__Material provided__:
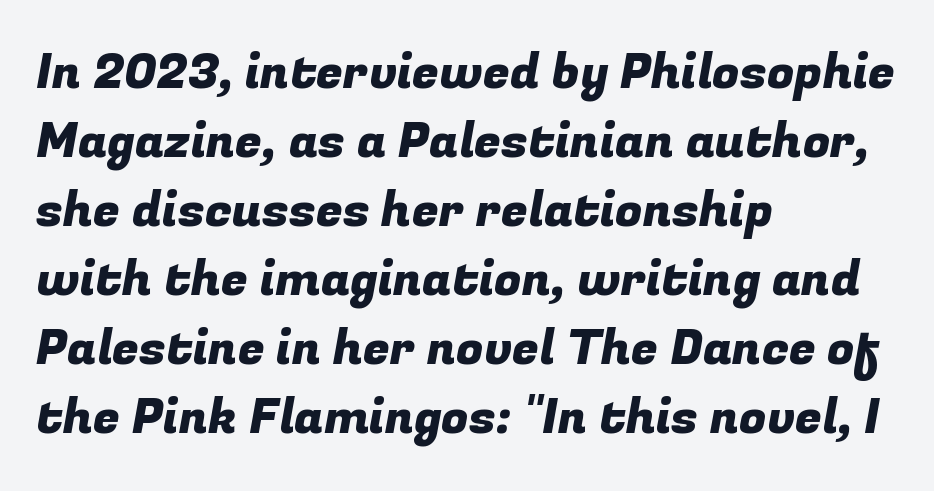
{"serif": "no", "width": "normal", "stroke_contrast": "low", "x_height": "medium", "monospaced": "no", "underline": "no", "align": "left", "line_spacing": "normal", "line_spacing_ratio": 1.41, "letter_spacing": "normal", "letter_spacing_em": 0.0, "glyph_px": 49}
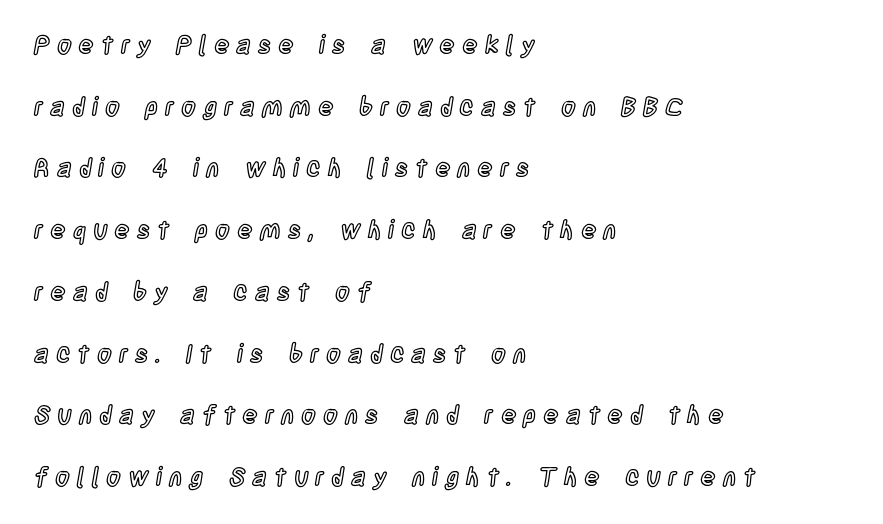
The image shows 25 px text type; set left-aligned, loose line spacing (2.47x), unusually wide letter spacing (+0.29 em), not underlined.
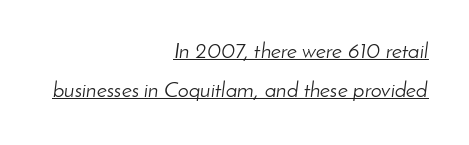
The image shows 22 px text type, italic (leaning right); set right-aligned, line spacing 1.78x, normal letter spacing, underlined.
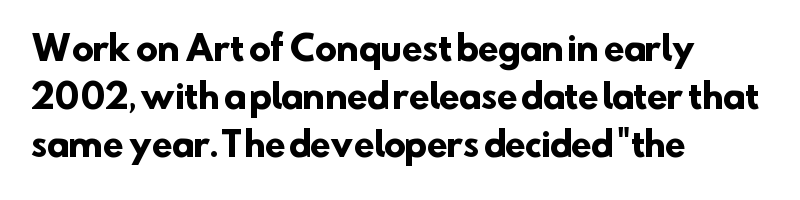
{"serif": "no", "bold": "yes", "weight": "heavy", "width": "normal", "stroke_contrast": "low", "x_height": "small", "monospaced": "no", "underline": "no", "align": "left", "line_spacing": "normal", "line_spacing_ratio": 1.45, "letter_spacing": "normal", "letter_spacing_em": 0.0, "glyph_px": 33}
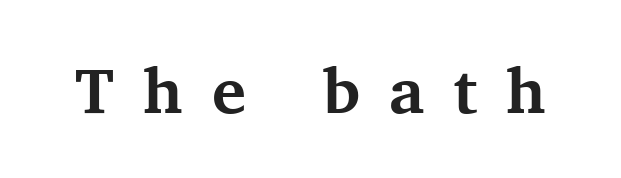
Q: Is the text bold? A: Yes.
Q: Is the text italic (slanted)? A: No, it is upright.
Q: Is the typeface a serif or a sans-serif typeface? A: Serif.
Q: Is the text underlined? A: No.
Q: Is the spacing between letters normal or unusually wide? A: Unusually wide.
Q: Width (condensed, normal, or wide)? A: Normal.
Q: Stroke contrast? A: Medium.
Q: x-height? A: Medium.
Q: Monospaced? A: No.
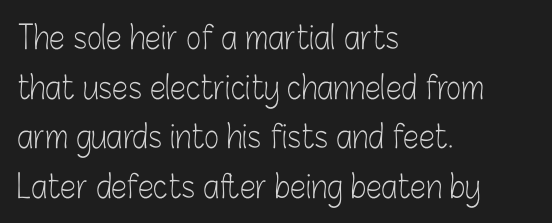
Reading down the block, your eye returns to a fixed left position each line. This is the regular roman posture of the typeface. This rendering leaves character spacing at its baseline value. Nothing sits at the stroke ends, so this counts as sans-serif.
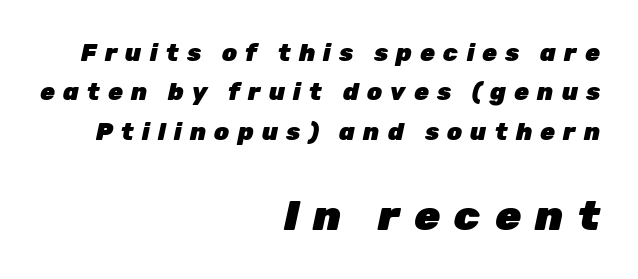
The image shows 42 px heavy type, italic (leaning right); set right-aligned, normal line spacing (1.64x), unusually wide letter spacing (+0.34 em), not underlined; the second (bottom) block is 1.75x larger; low stroke contrast and a medium x-height.
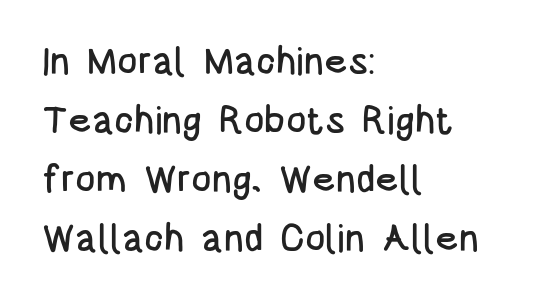
The image shows 38 px condensed sans-serif type, upright; set left-aligned, normal line spacing (1.55x), normal letter spacing, not underlined; low stroke contrast and a large x-height.
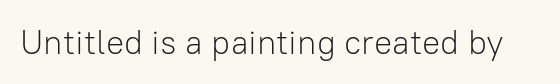
{"serif": "no", "italic": "no", "bold": "no", "weight": "light", "width": "normal", "stroke_contrast": "low", "x_height": "medium", "monospaced": "no", "underline": "no", "letter_spacing": "normal", "letter_spacing_em": 0.0, "glyph_px": 34}
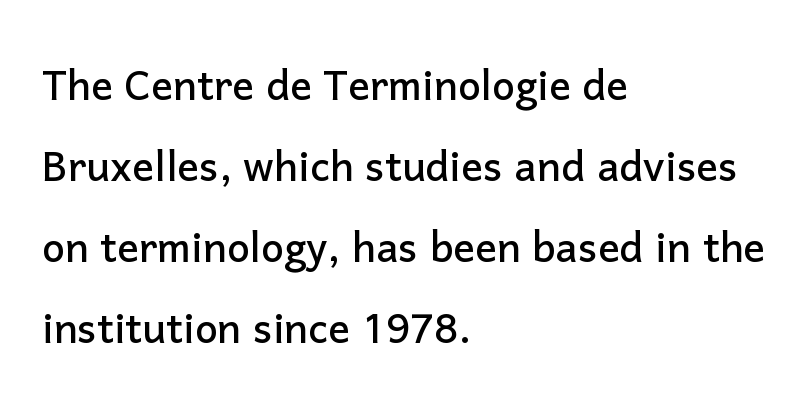
The image shows 54 px sans-serif type, upright; set left-aligned, normal line spacing (1.5x), normal letter spacing, not underlined; low stroke contrast and a medium x-height.

__What the exercise asks__: Output nothing but the number of lines in the data containing the string "typeface".

__Result below__: 2